* [DATA TO USE]:
——
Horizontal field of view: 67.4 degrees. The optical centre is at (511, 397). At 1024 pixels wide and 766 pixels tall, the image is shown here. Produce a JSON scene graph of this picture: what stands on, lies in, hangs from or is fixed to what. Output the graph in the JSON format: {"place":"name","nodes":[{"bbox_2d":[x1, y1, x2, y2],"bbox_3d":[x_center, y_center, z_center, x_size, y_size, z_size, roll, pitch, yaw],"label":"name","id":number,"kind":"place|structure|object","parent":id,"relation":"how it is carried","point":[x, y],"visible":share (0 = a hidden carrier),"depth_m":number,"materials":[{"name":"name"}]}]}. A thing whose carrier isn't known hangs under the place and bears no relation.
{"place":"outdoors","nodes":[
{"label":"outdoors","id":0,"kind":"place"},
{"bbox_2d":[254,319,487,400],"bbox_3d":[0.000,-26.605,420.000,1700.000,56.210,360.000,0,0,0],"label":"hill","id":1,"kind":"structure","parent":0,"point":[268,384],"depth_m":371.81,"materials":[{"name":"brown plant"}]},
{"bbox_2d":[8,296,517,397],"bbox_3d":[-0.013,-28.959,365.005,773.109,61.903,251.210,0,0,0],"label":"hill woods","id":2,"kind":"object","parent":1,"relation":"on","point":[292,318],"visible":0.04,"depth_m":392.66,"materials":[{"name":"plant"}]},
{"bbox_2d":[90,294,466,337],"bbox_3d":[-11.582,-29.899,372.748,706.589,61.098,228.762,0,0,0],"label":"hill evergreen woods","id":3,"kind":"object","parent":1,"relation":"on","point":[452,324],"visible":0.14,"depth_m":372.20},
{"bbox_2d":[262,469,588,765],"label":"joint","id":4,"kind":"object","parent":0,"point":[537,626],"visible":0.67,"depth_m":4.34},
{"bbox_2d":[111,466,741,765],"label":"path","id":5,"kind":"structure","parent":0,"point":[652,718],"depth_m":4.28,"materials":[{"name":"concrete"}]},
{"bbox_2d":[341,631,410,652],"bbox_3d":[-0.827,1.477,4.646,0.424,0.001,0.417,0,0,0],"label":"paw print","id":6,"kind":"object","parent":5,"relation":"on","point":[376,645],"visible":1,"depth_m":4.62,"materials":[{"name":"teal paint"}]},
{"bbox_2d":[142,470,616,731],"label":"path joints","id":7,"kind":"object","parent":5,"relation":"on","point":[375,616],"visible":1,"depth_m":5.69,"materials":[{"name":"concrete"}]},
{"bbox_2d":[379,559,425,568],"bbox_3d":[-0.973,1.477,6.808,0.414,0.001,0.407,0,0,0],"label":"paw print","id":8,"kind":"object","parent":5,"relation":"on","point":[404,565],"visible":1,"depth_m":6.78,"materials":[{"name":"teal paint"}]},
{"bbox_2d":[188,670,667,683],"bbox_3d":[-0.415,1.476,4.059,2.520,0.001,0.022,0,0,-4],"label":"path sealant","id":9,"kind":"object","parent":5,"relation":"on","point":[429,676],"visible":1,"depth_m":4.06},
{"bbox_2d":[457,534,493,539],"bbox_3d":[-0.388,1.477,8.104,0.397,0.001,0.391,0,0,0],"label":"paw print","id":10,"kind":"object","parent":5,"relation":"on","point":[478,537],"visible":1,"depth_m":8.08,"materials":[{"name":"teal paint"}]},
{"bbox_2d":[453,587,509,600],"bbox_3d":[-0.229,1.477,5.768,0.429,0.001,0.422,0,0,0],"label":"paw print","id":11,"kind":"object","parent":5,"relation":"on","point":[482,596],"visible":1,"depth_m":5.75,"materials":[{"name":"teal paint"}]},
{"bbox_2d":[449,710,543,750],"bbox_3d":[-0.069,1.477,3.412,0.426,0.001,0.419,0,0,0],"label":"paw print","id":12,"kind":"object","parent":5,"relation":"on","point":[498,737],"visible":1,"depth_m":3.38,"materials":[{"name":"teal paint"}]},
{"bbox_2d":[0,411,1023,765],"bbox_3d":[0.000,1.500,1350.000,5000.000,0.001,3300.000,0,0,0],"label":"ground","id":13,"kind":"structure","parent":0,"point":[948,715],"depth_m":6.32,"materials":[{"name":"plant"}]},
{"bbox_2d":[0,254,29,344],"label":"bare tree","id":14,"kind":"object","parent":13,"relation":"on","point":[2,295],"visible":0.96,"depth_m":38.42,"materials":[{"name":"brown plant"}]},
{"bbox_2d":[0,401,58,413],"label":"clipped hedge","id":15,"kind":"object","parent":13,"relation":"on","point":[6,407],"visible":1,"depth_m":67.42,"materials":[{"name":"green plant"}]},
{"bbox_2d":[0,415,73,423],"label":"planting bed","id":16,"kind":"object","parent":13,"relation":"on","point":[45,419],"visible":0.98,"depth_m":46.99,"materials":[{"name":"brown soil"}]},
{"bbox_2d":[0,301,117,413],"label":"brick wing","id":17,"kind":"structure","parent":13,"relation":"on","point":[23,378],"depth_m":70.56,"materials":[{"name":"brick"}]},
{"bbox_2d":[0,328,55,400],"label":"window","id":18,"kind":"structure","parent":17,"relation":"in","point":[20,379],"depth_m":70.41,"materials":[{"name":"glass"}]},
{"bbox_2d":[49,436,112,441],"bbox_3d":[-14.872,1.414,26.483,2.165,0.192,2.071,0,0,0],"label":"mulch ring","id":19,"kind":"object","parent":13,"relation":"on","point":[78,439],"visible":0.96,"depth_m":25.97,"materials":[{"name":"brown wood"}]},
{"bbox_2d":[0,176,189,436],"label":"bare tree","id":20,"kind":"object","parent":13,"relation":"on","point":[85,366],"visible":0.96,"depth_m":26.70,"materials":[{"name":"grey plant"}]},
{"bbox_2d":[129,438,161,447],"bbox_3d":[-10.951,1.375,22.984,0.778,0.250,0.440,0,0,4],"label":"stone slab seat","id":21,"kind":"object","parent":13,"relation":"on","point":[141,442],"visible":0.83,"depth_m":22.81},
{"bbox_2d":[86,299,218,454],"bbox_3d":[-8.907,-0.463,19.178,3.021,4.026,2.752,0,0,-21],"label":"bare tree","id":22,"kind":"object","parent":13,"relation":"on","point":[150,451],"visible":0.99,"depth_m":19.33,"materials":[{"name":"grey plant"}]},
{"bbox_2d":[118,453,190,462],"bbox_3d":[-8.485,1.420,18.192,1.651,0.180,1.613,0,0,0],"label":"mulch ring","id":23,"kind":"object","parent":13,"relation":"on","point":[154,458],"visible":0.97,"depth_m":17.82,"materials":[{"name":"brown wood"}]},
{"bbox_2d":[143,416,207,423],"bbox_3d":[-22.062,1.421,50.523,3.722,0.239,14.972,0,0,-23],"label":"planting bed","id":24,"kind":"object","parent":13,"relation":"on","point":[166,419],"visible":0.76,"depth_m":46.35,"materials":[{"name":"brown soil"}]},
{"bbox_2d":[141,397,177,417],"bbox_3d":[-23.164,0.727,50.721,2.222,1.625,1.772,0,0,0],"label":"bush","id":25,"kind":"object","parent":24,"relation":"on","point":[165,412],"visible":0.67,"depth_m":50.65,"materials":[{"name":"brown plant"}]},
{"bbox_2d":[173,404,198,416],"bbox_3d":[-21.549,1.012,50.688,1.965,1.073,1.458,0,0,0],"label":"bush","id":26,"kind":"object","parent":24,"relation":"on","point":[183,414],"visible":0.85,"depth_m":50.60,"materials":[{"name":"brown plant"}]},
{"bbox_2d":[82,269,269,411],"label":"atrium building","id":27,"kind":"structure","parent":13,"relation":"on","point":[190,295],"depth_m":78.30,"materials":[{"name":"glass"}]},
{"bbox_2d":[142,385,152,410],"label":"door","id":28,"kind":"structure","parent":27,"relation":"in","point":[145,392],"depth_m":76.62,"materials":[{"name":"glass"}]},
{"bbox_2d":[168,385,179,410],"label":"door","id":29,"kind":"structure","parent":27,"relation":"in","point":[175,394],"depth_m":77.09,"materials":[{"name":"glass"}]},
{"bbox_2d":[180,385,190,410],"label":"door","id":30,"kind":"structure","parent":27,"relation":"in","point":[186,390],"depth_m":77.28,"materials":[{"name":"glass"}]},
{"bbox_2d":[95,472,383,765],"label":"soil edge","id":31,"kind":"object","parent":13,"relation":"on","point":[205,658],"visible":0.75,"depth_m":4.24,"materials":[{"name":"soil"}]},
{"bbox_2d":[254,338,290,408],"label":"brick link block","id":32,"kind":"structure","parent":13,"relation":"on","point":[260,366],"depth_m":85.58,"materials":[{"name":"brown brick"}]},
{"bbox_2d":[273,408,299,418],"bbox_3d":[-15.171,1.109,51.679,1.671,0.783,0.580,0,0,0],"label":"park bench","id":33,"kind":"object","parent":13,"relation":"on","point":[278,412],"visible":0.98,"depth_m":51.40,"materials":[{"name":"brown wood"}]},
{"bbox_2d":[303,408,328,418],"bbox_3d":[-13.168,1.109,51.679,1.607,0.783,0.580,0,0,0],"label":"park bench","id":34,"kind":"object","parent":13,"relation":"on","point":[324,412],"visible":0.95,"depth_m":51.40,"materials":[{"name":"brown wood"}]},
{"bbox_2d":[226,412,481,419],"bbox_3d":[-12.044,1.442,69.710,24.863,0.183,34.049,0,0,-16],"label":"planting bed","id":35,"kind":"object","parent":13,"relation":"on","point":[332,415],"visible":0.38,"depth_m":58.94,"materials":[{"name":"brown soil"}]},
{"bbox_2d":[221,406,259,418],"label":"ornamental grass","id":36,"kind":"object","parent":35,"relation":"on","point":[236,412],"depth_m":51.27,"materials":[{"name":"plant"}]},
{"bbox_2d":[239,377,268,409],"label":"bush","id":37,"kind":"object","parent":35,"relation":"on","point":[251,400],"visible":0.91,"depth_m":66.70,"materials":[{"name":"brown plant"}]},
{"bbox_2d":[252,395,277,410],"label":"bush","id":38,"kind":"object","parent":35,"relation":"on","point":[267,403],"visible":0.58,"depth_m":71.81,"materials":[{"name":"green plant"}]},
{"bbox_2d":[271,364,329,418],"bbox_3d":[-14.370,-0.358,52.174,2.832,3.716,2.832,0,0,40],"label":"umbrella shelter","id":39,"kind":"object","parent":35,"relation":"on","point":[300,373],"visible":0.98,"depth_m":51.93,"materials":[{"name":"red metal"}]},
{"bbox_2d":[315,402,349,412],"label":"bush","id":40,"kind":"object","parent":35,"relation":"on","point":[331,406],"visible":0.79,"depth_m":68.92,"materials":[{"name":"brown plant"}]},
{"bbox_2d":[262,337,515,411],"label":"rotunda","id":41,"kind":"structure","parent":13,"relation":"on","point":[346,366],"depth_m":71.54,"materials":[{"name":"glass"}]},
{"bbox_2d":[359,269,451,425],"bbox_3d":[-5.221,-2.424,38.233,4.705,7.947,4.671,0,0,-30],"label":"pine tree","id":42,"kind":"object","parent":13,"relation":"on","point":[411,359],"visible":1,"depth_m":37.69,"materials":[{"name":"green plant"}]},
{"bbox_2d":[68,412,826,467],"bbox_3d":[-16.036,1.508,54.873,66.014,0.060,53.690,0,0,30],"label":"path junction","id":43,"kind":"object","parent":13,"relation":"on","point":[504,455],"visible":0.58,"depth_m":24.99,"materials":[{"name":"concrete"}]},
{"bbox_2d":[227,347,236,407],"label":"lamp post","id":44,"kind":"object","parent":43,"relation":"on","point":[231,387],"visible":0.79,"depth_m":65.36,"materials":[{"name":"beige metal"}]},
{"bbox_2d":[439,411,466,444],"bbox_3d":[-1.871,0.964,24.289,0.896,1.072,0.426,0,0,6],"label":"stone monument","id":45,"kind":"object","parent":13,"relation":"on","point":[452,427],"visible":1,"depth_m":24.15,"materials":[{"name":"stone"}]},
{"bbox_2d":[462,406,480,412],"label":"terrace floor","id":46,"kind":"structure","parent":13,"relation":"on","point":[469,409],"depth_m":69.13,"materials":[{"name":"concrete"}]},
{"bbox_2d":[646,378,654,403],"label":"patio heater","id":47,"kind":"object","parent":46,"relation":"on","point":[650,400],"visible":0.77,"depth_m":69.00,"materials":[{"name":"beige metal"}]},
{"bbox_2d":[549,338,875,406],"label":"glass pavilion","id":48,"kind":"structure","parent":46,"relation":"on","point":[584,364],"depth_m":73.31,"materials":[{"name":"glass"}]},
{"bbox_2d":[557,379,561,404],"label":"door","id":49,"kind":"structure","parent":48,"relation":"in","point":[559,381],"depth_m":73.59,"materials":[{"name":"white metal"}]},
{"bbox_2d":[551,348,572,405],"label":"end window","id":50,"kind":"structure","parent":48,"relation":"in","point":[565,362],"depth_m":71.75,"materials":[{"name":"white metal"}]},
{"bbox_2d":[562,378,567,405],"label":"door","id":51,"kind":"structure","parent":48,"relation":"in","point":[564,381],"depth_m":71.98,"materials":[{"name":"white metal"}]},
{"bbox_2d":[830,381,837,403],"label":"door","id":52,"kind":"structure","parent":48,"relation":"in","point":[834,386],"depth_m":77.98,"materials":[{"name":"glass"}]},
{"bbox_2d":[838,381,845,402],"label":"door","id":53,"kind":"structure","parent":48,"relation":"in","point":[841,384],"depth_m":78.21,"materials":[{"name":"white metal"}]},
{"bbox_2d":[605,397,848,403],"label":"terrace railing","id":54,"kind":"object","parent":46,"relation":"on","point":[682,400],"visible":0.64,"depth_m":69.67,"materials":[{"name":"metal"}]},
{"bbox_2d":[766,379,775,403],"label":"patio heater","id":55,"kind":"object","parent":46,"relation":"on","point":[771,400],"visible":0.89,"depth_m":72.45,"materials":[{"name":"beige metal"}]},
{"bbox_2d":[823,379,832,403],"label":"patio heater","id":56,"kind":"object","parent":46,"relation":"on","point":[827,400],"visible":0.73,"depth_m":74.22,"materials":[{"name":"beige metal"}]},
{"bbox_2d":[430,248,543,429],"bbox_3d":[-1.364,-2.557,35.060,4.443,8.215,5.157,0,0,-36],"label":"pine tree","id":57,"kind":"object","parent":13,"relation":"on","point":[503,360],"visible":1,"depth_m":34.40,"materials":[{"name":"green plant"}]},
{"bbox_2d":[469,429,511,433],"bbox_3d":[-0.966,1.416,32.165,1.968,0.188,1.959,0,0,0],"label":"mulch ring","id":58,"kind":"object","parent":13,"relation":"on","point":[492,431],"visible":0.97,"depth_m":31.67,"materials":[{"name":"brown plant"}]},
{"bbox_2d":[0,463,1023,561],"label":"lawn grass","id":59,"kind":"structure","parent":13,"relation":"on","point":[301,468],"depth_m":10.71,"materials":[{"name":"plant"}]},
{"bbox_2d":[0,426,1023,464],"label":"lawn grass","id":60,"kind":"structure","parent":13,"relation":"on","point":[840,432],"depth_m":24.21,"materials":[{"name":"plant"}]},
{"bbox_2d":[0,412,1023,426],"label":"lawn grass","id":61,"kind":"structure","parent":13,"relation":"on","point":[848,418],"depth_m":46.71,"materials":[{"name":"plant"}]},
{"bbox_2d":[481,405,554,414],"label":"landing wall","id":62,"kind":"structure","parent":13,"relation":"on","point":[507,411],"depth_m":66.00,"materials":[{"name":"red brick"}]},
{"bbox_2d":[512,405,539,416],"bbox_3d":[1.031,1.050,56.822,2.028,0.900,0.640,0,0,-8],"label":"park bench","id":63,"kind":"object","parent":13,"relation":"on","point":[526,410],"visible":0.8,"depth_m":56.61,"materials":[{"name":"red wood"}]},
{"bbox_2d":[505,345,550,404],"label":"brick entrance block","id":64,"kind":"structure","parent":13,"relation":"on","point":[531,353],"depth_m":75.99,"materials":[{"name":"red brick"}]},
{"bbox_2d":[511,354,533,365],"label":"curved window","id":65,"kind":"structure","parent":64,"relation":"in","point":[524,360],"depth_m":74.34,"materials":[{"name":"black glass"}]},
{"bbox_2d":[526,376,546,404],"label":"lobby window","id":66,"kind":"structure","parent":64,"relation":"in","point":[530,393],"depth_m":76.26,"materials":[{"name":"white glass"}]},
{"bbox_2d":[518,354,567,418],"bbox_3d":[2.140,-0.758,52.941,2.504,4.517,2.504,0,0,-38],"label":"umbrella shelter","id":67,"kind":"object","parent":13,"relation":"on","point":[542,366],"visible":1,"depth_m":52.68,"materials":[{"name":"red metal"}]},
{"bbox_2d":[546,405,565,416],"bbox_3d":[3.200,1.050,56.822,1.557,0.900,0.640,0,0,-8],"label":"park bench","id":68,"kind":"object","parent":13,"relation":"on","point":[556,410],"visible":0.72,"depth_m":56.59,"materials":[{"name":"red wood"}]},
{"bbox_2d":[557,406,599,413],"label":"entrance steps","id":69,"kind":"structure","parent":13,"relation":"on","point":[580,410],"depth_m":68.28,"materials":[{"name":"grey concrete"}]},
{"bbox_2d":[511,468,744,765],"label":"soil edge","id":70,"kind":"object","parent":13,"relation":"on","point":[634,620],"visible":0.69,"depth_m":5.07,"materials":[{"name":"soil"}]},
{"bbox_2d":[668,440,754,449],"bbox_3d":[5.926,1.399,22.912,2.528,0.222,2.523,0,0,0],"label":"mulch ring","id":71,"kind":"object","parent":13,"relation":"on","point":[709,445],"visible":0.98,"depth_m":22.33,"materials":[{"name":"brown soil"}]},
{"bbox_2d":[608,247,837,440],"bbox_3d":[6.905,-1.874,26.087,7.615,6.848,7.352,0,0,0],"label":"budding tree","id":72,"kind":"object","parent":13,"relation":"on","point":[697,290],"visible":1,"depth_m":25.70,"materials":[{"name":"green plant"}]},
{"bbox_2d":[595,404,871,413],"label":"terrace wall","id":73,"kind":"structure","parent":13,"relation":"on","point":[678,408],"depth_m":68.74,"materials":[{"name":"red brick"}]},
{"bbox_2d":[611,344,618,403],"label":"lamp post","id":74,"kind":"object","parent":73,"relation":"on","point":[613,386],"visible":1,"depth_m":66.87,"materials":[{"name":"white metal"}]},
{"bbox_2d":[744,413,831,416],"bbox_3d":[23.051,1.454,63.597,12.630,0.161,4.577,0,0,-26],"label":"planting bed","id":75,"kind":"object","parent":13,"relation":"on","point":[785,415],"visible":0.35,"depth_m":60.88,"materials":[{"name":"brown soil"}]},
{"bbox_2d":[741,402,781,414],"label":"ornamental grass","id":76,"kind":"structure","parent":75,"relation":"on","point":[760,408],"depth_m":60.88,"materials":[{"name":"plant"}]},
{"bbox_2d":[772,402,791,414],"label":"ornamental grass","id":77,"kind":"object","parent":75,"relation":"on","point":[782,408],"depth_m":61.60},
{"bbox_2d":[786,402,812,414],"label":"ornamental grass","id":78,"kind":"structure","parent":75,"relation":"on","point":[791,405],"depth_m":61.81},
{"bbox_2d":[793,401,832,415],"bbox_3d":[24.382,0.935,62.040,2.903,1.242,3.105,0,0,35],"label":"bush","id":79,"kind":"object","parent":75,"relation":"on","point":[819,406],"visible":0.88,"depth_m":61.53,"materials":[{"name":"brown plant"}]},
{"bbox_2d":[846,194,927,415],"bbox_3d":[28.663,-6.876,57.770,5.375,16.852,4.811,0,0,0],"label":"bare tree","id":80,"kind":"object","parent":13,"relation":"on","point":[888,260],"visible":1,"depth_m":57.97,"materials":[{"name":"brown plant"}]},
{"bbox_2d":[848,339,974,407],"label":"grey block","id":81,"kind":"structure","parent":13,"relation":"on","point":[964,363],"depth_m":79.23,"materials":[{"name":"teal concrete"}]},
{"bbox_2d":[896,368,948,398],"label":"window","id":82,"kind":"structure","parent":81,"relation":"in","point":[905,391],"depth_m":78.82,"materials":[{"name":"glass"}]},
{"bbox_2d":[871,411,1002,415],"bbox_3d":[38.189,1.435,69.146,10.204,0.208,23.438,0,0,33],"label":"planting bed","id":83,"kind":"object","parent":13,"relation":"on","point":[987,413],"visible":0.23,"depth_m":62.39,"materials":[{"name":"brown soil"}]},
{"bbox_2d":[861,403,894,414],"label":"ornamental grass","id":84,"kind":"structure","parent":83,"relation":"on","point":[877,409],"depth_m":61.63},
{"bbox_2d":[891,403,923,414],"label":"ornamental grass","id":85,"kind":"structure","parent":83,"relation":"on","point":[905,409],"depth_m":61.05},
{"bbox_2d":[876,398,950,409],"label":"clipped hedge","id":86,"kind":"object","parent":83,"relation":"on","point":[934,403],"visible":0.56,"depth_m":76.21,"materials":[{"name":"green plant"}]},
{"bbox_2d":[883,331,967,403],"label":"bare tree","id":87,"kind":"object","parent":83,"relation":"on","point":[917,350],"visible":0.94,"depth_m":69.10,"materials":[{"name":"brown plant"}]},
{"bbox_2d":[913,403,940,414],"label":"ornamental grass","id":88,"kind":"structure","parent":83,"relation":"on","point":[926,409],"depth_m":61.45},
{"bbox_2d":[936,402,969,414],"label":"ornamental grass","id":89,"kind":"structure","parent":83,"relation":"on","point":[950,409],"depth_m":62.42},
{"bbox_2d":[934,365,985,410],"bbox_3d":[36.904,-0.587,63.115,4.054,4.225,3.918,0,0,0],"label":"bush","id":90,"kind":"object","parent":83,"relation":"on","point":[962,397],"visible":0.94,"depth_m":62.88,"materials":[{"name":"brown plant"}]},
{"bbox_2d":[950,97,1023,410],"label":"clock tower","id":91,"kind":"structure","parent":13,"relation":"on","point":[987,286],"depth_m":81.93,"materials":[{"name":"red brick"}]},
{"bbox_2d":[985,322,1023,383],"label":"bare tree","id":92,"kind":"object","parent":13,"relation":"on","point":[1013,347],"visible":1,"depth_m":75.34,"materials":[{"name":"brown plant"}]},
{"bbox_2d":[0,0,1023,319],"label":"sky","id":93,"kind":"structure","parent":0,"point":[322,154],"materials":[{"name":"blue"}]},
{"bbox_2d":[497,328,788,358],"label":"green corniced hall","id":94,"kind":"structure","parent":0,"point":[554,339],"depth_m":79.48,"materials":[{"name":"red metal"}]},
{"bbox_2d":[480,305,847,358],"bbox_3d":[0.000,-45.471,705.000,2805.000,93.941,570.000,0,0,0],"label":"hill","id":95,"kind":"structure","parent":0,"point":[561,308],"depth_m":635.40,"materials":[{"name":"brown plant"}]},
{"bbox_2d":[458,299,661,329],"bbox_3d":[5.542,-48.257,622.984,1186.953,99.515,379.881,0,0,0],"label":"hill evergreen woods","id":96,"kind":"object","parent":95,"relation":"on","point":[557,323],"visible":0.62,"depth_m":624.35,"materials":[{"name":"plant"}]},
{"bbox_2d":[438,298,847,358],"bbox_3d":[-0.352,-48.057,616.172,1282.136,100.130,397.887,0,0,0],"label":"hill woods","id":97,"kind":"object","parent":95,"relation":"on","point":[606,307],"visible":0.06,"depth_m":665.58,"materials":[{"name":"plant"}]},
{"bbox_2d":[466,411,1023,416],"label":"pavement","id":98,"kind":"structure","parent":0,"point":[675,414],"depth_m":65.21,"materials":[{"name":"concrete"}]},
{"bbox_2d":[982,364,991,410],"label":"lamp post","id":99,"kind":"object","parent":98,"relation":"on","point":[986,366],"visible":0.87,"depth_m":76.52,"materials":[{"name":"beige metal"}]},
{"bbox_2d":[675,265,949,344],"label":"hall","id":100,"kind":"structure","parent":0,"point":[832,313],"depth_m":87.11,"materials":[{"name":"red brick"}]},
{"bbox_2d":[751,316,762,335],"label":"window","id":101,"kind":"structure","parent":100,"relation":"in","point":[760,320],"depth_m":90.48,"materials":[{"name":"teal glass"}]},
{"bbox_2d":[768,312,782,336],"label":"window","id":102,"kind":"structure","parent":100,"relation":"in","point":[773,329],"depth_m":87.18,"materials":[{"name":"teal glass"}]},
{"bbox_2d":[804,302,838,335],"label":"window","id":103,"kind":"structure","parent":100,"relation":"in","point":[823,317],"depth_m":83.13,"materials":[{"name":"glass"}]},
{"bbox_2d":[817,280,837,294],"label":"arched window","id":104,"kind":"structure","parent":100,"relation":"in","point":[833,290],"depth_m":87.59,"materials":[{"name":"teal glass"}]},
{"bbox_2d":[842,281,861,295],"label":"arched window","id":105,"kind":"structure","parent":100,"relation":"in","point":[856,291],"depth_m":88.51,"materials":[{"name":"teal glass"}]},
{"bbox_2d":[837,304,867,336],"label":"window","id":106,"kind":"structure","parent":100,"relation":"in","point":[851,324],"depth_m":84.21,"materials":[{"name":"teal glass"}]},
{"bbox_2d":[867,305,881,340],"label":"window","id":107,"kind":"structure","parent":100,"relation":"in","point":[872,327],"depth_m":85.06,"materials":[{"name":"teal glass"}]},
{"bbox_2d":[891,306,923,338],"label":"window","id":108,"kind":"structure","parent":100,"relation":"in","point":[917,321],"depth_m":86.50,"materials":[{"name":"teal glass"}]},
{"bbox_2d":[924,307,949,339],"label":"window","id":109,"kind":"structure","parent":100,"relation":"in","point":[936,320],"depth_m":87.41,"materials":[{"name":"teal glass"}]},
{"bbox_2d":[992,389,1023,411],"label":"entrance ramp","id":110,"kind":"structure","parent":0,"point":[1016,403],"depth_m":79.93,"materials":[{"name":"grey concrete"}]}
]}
——
* [ACTIVITY]:
Say how many lines of the data above include the word "terrace", and add nothing further.

* [EXERCISE RESPONSE]:
3